The researchers also sequenced the complete genome of Archbishop Desmond Tutu, using Life Technologies' SOLiD 3.0, to over 30-fold coverage. The sequence data for Tutu as well as the Khoisan individual were then validated with whole-genome sequencing on Illumina's Genome Analyzer — 23.2-fold for the Khoisan hunter-gatherer and 7.2-fold for Tutu.

Schuster said they used two different approaches for the whole-genome sequencing because they wanted to compare platforms. He said that each of the sequencing platforms had different advantages, but declined to comment on specifics because the team is planning to publish a paper comparing the three platforms in the coming weeks. He also added that Life Tech's Applied Biosystems group is currently in the process of sequencing the Khosian individual, and that three other sequencing companies had requested the DNA samples in order to demonstrate their sequencing technologies.

Schuster did say that for de novo assembly, he thought 454 was the best choice because of the long read lengths. He also added that the team is continuing to improve the Khosian genome using 454 technology with the goal of making it "a reference for a genome sequenced with next-gen technology."

The hunter-gatherer tribes of southern Africa are the oldest known lineage of modern humans, and it has been thought that they are genetically divergent from other humans and exhibit a great deal of genetic variation between tribes.

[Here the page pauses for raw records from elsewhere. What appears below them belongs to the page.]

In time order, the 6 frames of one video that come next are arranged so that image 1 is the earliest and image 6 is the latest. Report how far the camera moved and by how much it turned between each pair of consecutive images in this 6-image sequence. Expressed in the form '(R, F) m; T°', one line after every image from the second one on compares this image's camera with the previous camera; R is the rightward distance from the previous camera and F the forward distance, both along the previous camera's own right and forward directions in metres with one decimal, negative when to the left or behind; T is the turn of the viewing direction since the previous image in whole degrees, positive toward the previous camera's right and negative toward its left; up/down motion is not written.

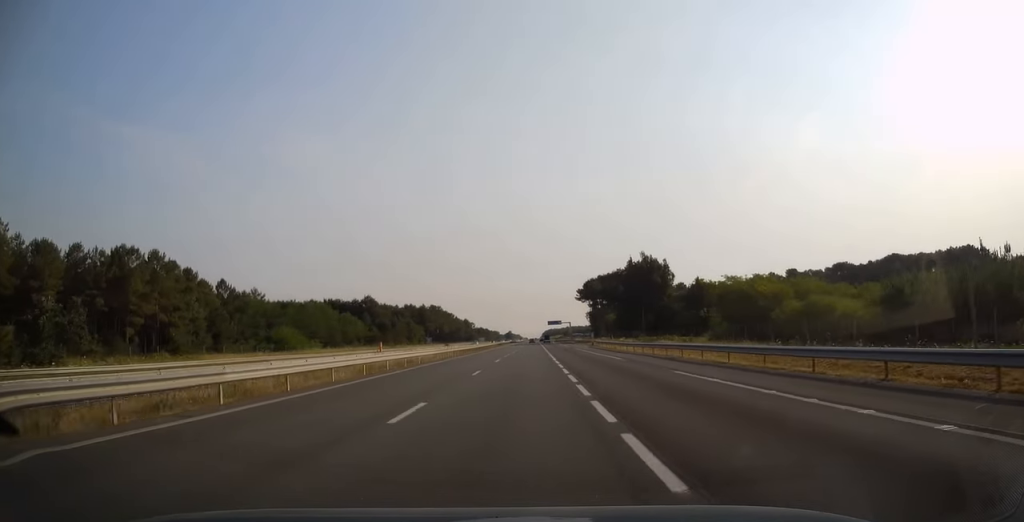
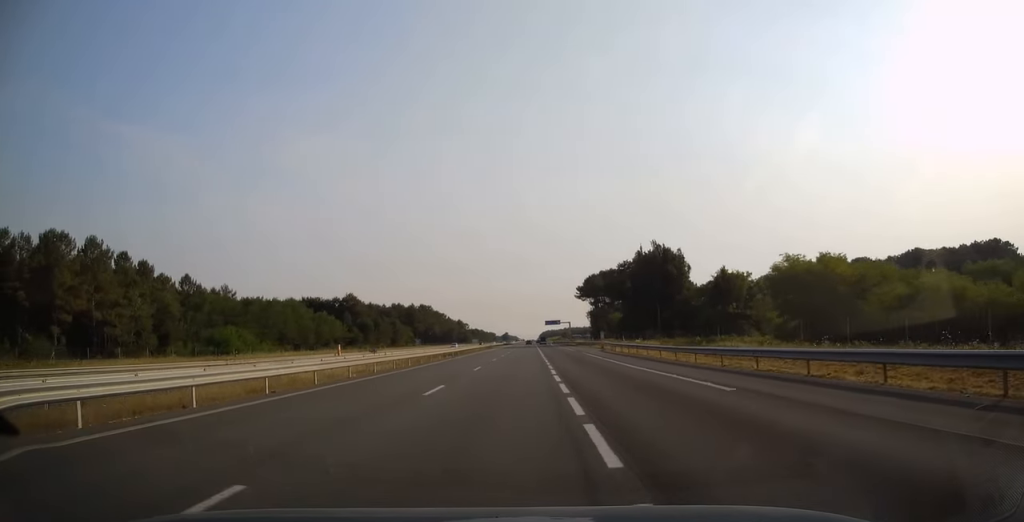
(+0.1, +20.6) m; 0°
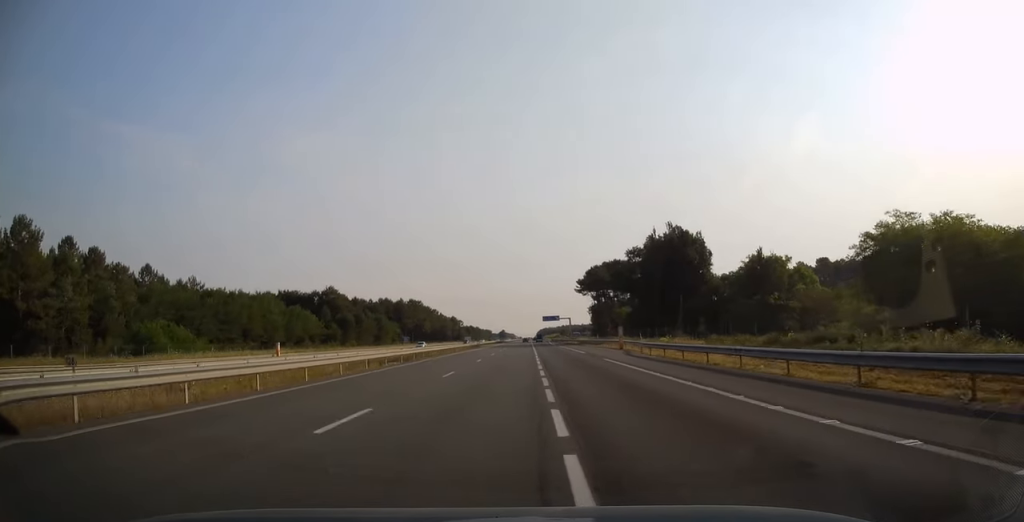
(+0.1, +19.7) m; 0°
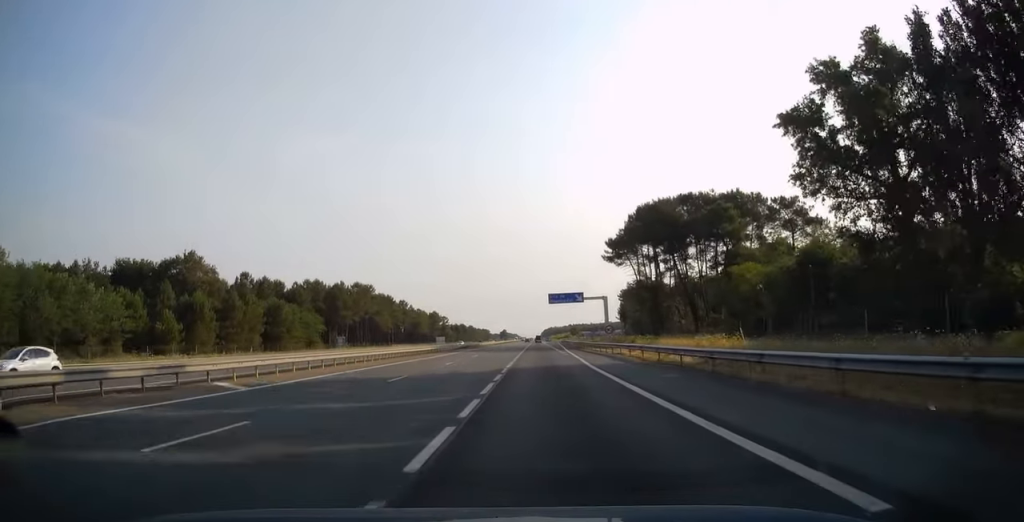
(-0.5, +93.5) m; -1°
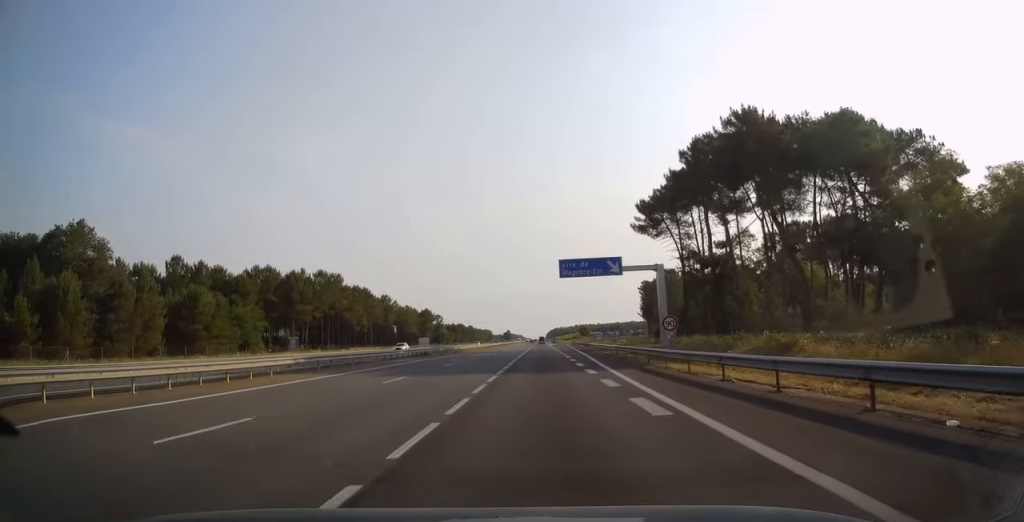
(0.0, +38.3) m; 0°
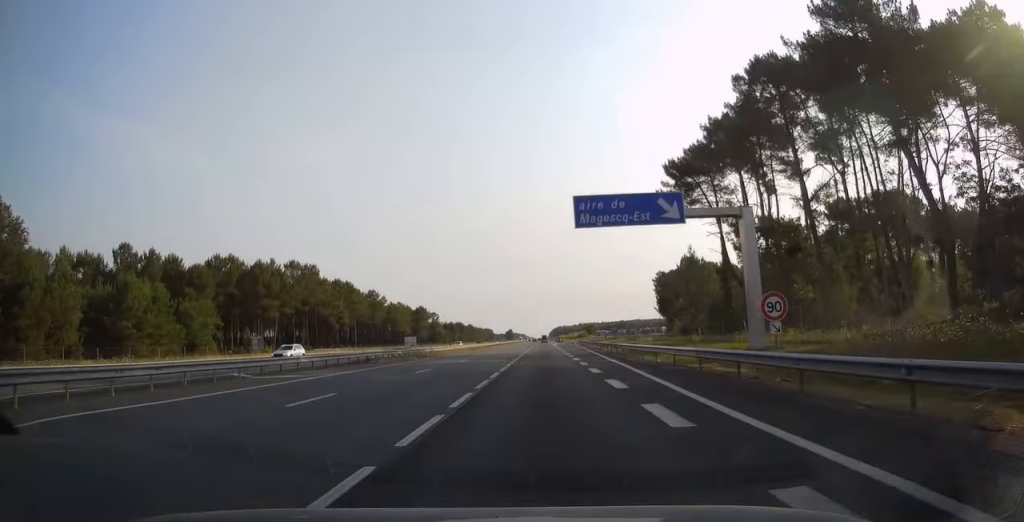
(0.0, +21.1) m; 0°

The sequencing data confirmed this hypothesis. The team detected over 4 million SNPs in the Khoisan individual, including over 700,000 novel SNPs — more than have ever been reported in a human genome. They also determined that there was more genetic variation between the African individuals than between a European and an Asian individual. When they compared the genomes to the publicly available Yoruba genome, they found more variation between the Bushmen and the Yoruba genomes than between the European and Yoruba genomes.

Schuster said the results could have implications for personalized medicine, particularly for individuals from southern Africa, for which there is not a well-characterized genome.

In addition, adding the newly found variants to current databases could aid in an understanding of region-specific disease. For example, the researchers found that the Bushmen lacked an African-specific allele for malaria resistance, likely because they were not adapted to a farming lifestyle.